What needs to be done
Go over the entries below line by line, copying each one that contains the word "textarea".

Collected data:
+===+

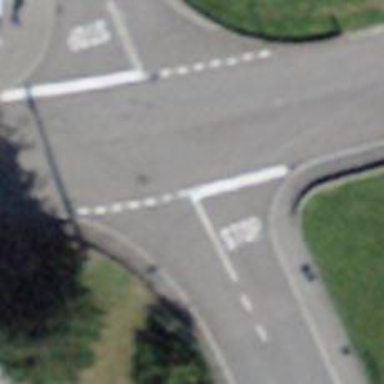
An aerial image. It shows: Road with stop sign.
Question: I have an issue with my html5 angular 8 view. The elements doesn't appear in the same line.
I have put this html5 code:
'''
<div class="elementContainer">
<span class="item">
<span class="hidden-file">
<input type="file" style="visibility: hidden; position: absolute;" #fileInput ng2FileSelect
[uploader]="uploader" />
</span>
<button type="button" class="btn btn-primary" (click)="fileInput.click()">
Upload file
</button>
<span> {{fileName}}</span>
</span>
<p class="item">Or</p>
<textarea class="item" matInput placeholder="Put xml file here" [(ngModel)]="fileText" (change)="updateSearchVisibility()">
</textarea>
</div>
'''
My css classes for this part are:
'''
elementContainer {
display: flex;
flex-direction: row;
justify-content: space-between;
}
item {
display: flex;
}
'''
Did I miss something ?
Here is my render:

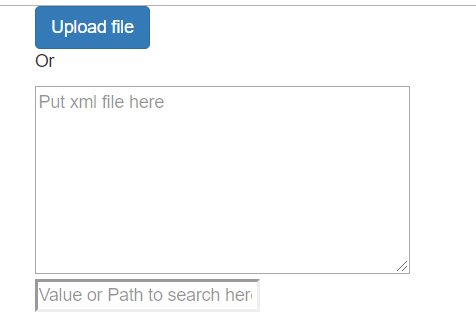
Answer: Nothing change major. You can put the CSS code as per SCSS syntex.
'''
.elementContainer {
display: flex;
flex-direction: row;
justify-content: space-between;
.item {
display: flex;
}
}
'''
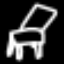
Label: chair
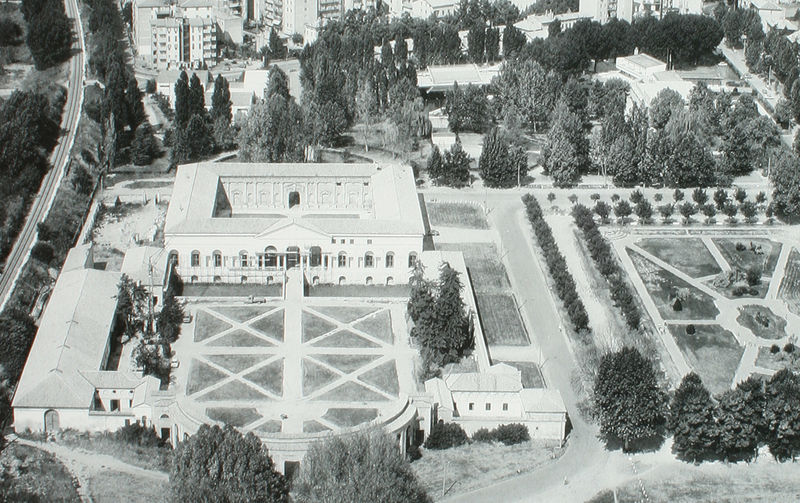
Titel: Gesamtansicht mit Garten
Künstler: Giulio Romano
Standort: Mantua
Institution: Palazzo Te
Schlagwörter: baum, flügel, himmel, weiß, bäume, dreieck, grün, landschaft, stadt, fenster, licht, schwarz, strasse, säulen, tür, anlage, dach, gebäude, gras, haus, park, parkanlage, rasen, schloss, weg, architektur, barock, häuser, sonne, sträucher, wege, wiesen, wald, brunnen, garten, deutschland, ansicht, wohnhäuser, modern, zug, dächer, giebel, mauer, hecke, hof, weis, platz, vogelperspektive, luft, symmetrie, tor, foto, fotografie, luftaufnahme, straßen, innenhof, umgang, palast, strahlen, draufsicht, kreuzung, symmetrisch, schwarz-weiß, friedhof, photo, halbkreis, villa, geometrisch, anwesen, residenz, portikus, eisenbahn, beete, siedlung, gärten, herrenhaus, geleise, gleis, gleise, schiene, museum, fotographie, geometrie, höfe, fesnter, pfade, schwarz/weiß, fensterachsen, neubau, gartenanlage, nebengebäude, anbauten, gartenarchitektur, luftbild, baukunst, hochhaus, exedra, wirtschaftsgebäude, rabatten, schlossgarten, geäbude, luftansicht, hauptgebäude, rechtwinklig, kreuzungen, palastanlage, buesche, französischer garten, sanssouci, gebäudeflügel, prtikus, sülen, gleisbett, lufuaufnahme, volgelperspektive, ge, gartenanglage, höe, bahnlinie, landschaftsgärnterei
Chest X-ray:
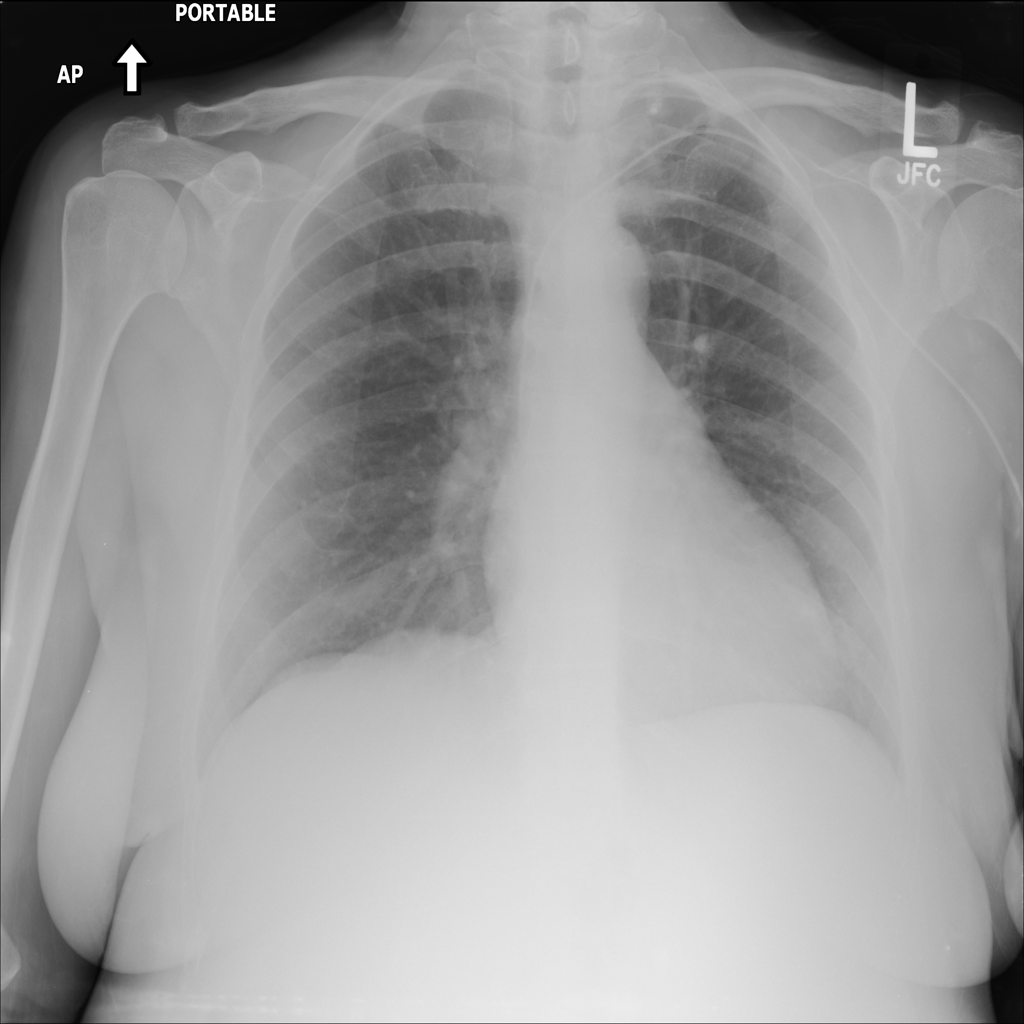
No abnormal finding: yes

+===+

Answer
<textarea class="item" matInput placeholder="Put xml file here" [(ngModel)]="fileText" (change)="updateSearchVisibility()">
</textarea>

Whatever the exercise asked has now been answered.